Peer To Peer Feedback on April Piece?

  • Hi everyone,

    I was feeling very confident with my April piece; however, it didn’t make the cut. My wife said the colors are too bright compared to the sweet 16 pick.

    Just wondering if anyone is willing to poke holes in my piece and let me know areas I could improve upon.

    I added different race of kids to give it some variety for portfolio.

    Thank you in advance!

    Ps. Was very happy to participate and vote for the winners! Great job to everyone!

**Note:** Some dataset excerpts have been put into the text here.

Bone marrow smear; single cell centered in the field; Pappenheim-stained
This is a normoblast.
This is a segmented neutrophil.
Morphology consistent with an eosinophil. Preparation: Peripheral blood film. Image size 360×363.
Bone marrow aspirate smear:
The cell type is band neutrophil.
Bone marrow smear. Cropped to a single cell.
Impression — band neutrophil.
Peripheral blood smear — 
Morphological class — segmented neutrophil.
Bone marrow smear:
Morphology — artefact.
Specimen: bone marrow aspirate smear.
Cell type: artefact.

  • Is this meant to be part of a children's book portfolio? If so, would you be interested in me doing a draw-over after I show my daughter? I would do a draw over and post it here for both your entry and mine. I wasn't confident in my entry, unfortunately, but I need to find a way to improve so I will be doing a draw over of what I think I should do with the artwork and let everyone chime in if they can see that's not a good direction.

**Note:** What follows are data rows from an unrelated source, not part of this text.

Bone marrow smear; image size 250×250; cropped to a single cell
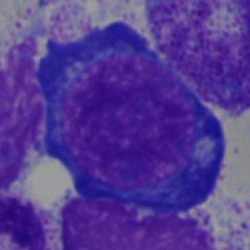
The morphological class is nucleated red cell.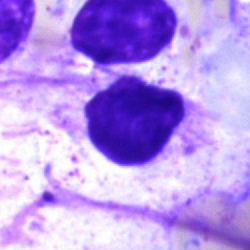
Single cell identified as an artifact.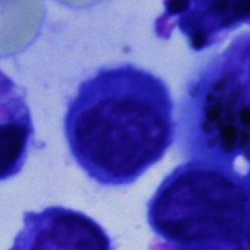 Cell type: normoblast.
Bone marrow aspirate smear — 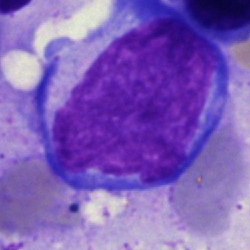 This is a blast cell.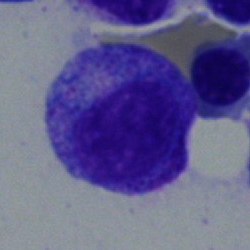

{"cell_type": "myelocyte"}
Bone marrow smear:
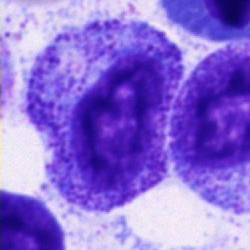Progranulocyte.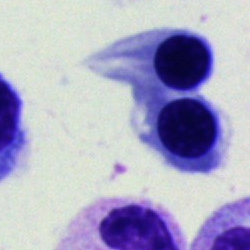A nucleated red cell.
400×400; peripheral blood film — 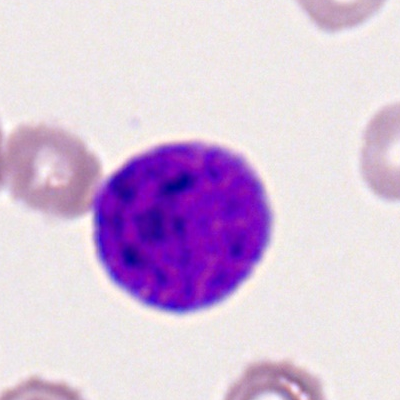 Impression → myeloid blast.
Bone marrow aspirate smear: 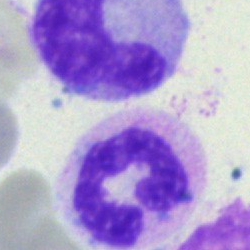 Morphology consistent with a polymorphonuclear neutrophil.
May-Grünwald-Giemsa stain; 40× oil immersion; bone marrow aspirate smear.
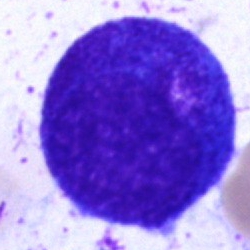Promyelocyte.
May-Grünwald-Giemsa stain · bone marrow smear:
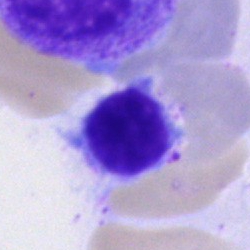 Single cell identified as a lymphocyte.
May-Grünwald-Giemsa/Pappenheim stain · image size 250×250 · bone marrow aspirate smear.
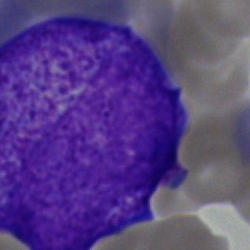Classification — blast cell.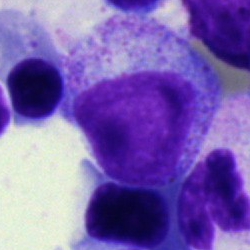Classification = promyelocyte.
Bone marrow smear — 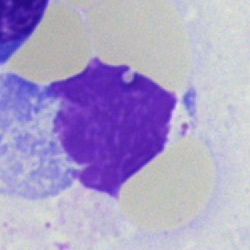Classification: artefact.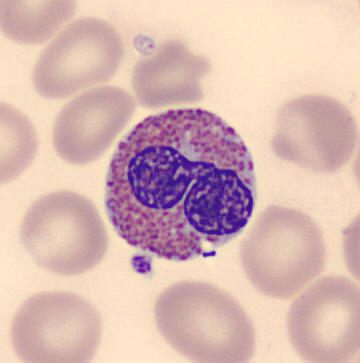The cell is eosinophil.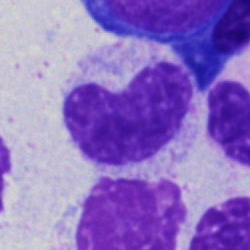

Metamyelocyte.
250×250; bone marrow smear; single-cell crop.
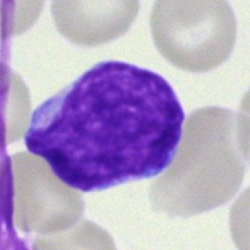

Blast cell.
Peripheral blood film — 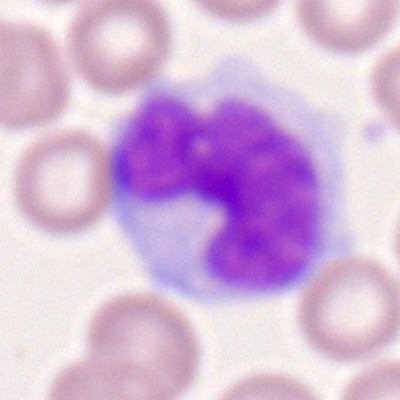 The cell shown is a monocyte.
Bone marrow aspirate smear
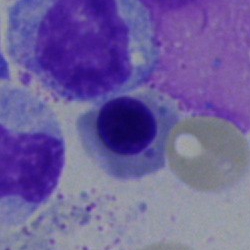Nucleated red blood cell.
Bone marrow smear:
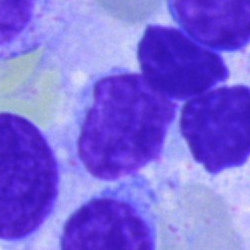Showing a typical lymphocyte.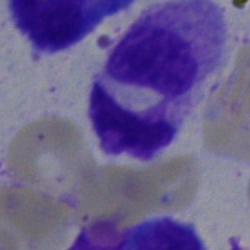

Classification = segmented neutrophil.
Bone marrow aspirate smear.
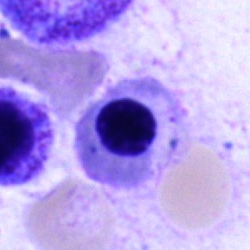

Q: What is the morphological classification of this cell?
A: A nucleated red cell.
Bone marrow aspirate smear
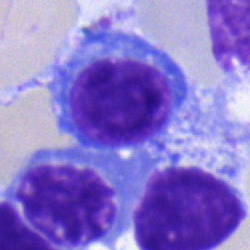
A plasma cell.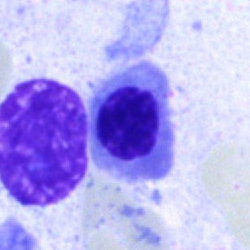 Morphology — nucleated red cell.

    edited to add: I need to do something differently, I don't feel I'm getting anywhere 😞

    edited again to add: I need deadlines, so I can post both by tomorrow. I won't post it if that's not the kind of feedback you're looking for.

  • Pro

    @Jeremy-Ross I feel like the composition is cramped. The characters are quite big and take a lot of space. Things like the bunny getting his silhouette all mixed up with the background girl silhouette aren't ideal. The characters are also so close to borders of the image. There are a lot of kids - I'm not sure all 3 in the background are strictly necessary. The text is really cramped too, even your name (I notice you've signed this twice, not sure why?). I think I would zoom out, remove of of the background children and just give everything more breathing room.

  • Hi @carolinebautista, I’m certainly open to a draw over! Any feedback is greatly appreciated!

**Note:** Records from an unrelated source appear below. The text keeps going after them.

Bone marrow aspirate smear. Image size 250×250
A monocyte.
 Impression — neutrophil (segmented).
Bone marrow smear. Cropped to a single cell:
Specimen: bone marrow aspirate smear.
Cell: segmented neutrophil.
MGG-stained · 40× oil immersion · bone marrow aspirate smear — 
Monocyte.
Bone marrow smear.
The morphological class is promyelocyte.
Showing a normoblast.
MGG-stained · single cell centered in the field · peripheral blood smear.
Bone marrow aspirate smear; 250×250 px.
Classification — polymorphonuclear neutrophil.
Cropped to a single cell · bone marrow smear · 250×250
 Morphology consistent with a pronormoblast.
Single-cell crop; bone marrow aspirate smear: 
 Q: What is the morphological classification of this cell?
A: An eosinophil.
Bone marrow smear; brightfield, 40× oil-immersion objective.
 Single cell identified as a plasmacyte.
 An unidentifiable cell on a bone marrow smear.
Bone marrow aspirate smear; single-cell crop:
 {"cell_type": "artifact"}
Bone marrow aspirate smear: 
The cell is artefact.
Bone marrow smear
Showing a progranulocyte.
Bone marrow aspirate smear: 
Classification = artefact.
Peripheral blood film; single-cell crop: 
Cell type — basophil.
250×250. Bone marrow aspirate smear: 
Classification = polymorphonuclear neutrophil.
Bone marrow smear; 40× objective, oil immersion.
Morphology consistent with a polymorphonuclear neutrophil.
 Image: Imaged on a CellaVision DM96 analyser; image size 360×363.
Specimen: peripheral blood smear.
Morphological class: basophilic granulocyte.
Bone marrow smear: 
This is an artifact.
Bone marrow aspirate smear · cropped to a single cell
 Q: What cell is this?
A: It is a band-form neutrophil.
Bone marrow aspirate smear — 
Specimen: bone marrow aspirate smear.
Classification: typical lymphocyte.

  • Thank you @NessIllustration! Great feedback, I will definitely work on creating more space and to allow some breathing room! Thank you for taking the time to critique!

  • I think your wife may have a point. It's good to have some muted colors and then leave more color for areas where you want attention focused. The background could be a little either cooler, and/or lighter, and/or fuzzier/blurred. I just did that on an illustration tonight. If it on a separate layer it's easier , but on same layer, you could lasso The background then adjust the saturation, hue, opacity etc and also a very slight blur to push it back more.
    The composition 2.0 course here is great. I'm working through it and taking notes as I go.
    For color schemes there's so much to learn, kinda overwhelming LoL, Simona ceccarelli has great color videos on YouTube, I think people were mentioning her second color video recently when talking about how to pick color schemes for your work. Great way to start thinking about harmony. It's good to start out with a harmony of colors to keep things unified. Not that I always do that lol but I've started to recently and I can see huge value in it!
    BTW I admit that I felt a teensy bit disappointed too after not making the cut. I have to say this illustration gig can be a little hard on the heart sometimes 😜 just remember all the JK Rowling rejections! I console myself a little realizing that there are always several pieces every time that I love and am sure will make the finals and they don't. So I think things are subjective, and also a lot of good stuff just doesn't make it because there are sooooo many submissions and not too many spots. The judges have a hard job!
    Anyhow sorry for going on, I just wanted to let you know it's pretty normal to feel a bit deflated not making the final. But one day you will if you keep working hard at it, and it will be exciting 😉

  • Hi @Coley, thank you so much for your constructive feedback! Being new to illustration, I know there’s a long way to go, but I’ll be submitting a piece each month nonetheless and trying to get better with each submission.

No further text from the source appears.